→ Dataset entries:
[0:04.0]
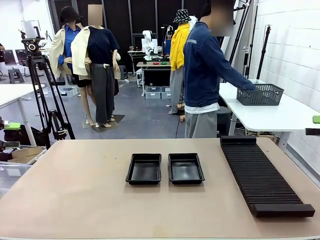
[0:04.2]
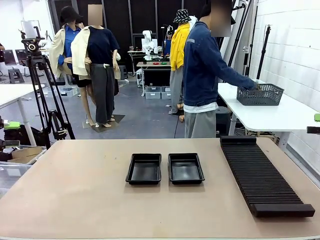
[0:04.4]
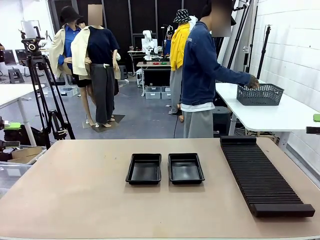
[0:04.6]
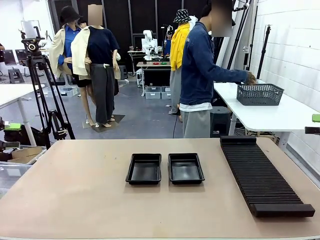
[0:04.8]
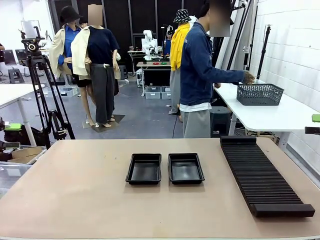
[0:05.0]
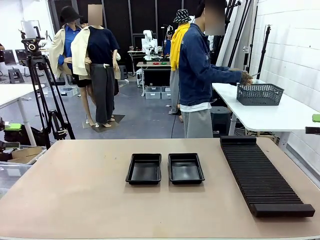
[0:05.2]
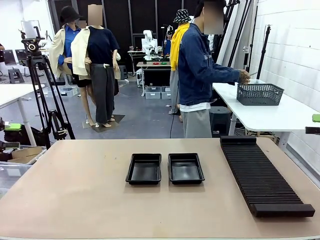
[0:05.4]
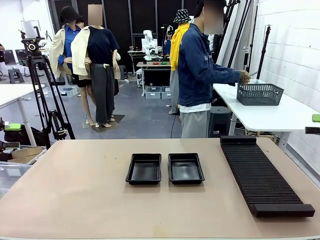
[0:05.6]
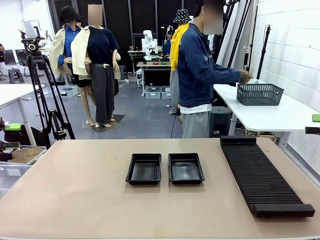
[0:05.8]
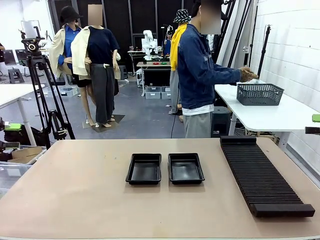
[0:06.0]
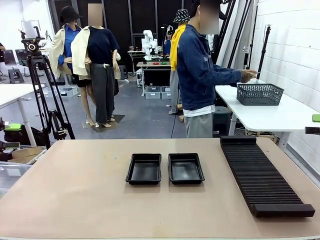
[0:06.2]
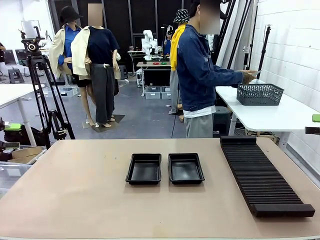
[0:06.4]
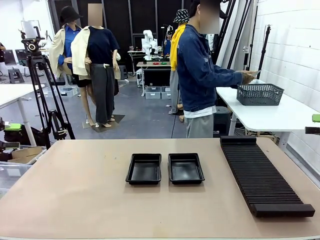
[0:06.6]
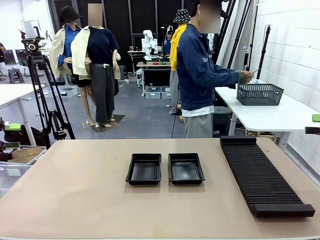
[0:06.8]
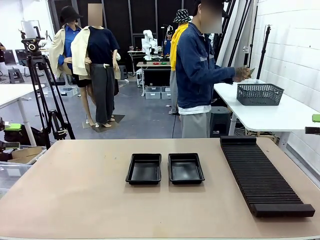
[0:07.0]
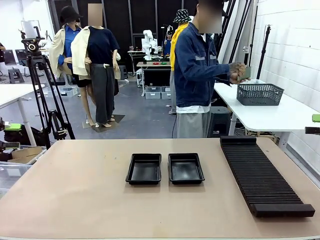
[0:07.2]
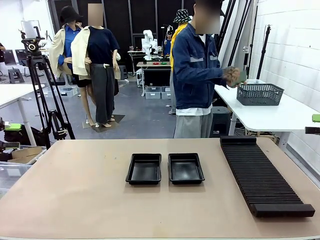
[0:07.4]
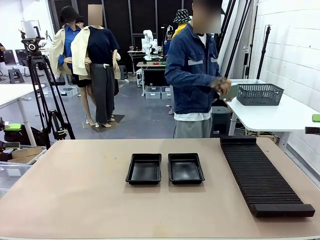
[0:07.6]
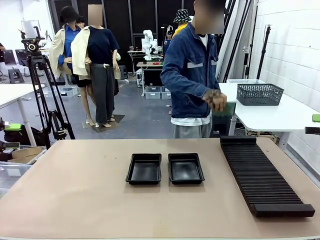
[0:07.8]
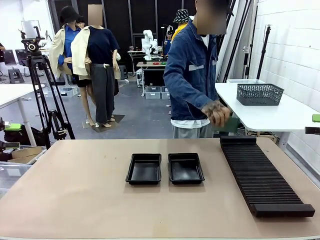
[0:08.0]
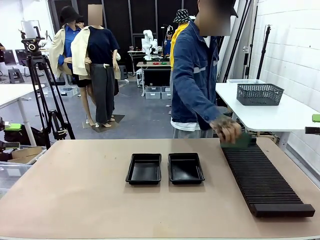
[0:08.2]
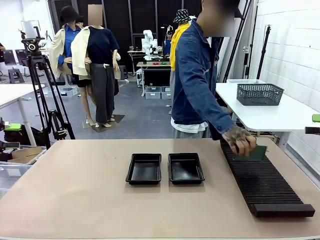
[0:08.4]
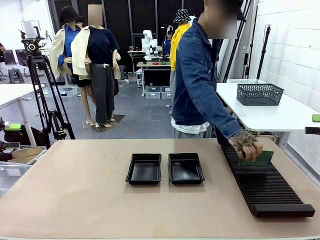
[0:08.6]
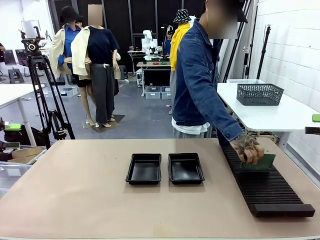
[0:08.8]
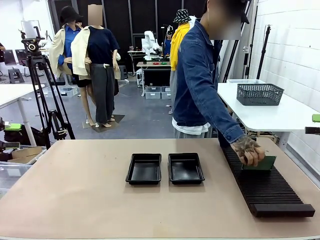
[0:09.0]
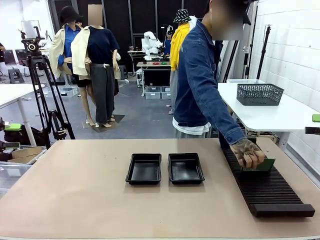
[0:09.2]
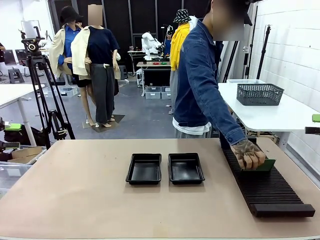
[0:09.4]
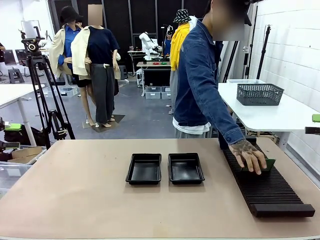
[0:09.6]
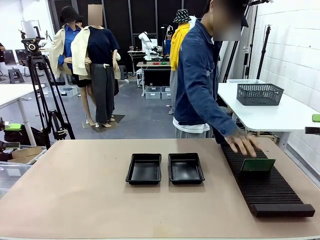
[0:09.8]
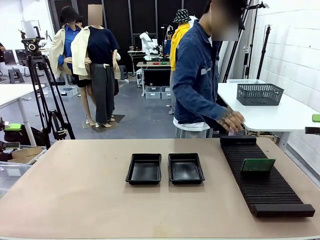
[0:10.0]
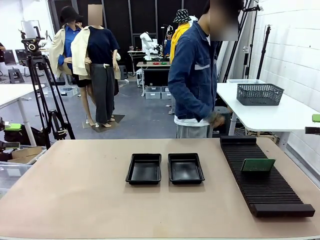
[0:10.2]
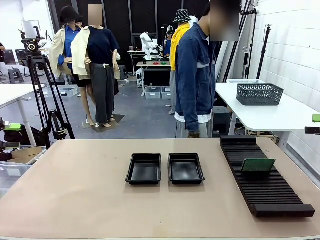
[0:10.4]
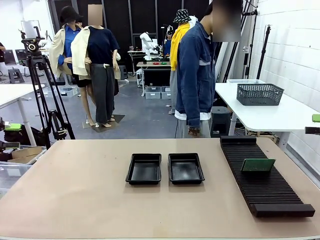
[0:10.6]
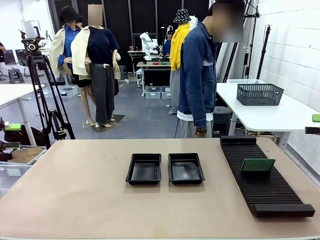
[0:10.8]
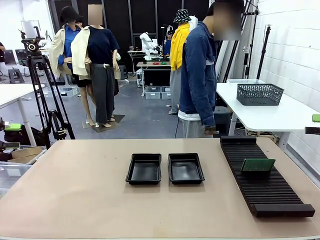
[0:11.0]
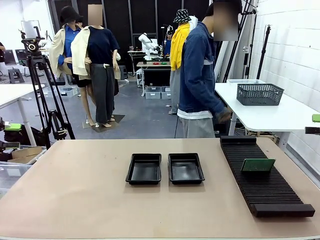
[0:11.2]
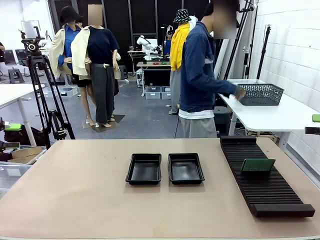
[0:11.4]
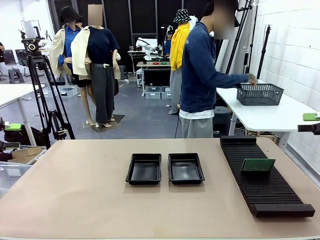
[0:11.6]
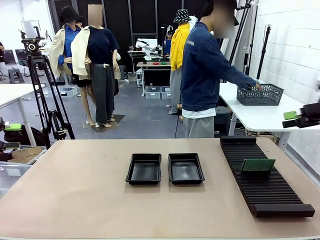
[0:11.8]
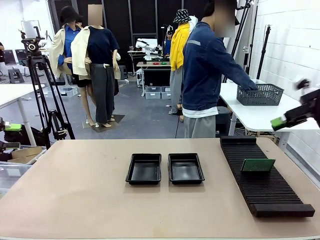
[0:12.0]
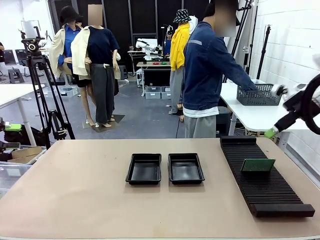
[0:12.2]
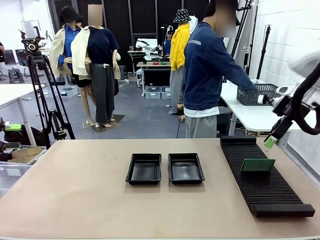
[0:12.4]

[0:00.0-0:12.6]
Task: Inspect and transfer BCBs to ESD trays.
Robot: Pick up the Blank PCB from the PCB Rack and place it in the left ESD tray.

→ Required action: Reproduce the data above line for line, excluding every picture.

→ Your response:
[0:04.0]
[0:04.2]
[0:04.4]
[0:04.6]
[0:04.8]
[0:05.0]
[0:05.2]
[0:05.4]
[0:05.6]
[0:05.8]
[0:06.0]
[0:06.2]
[0:06.4]
[0:06.6]
[0:06.8]
[0:07.0]
[0:07.2]
[0:07.4]
[0:07.6]
[0:07.8]
[0:08.0]
[0:08.2]
[0:08.4]
[0:08.6]
[0:08.8]
[0:09.0]
[0:09.2]
[0:09.4]
[0:09.6]
[0:09.8]
[0:10.0]
[0:10.2]
[0:10.4]
[0:10.6]
[0:10.8]
[0:11.0]
[0:11.2]
[0:11.4]
[0:11.6]
[0:11.8]
[0:12.0]
[0:12.2]
[0:12.4]

[0:00.0-0:12.6]
Task: Inspect and transfer BCBs to ESD trays.
Robot: Pick up the Blank PCB from the PCB Rack and place it in the left ESD tray.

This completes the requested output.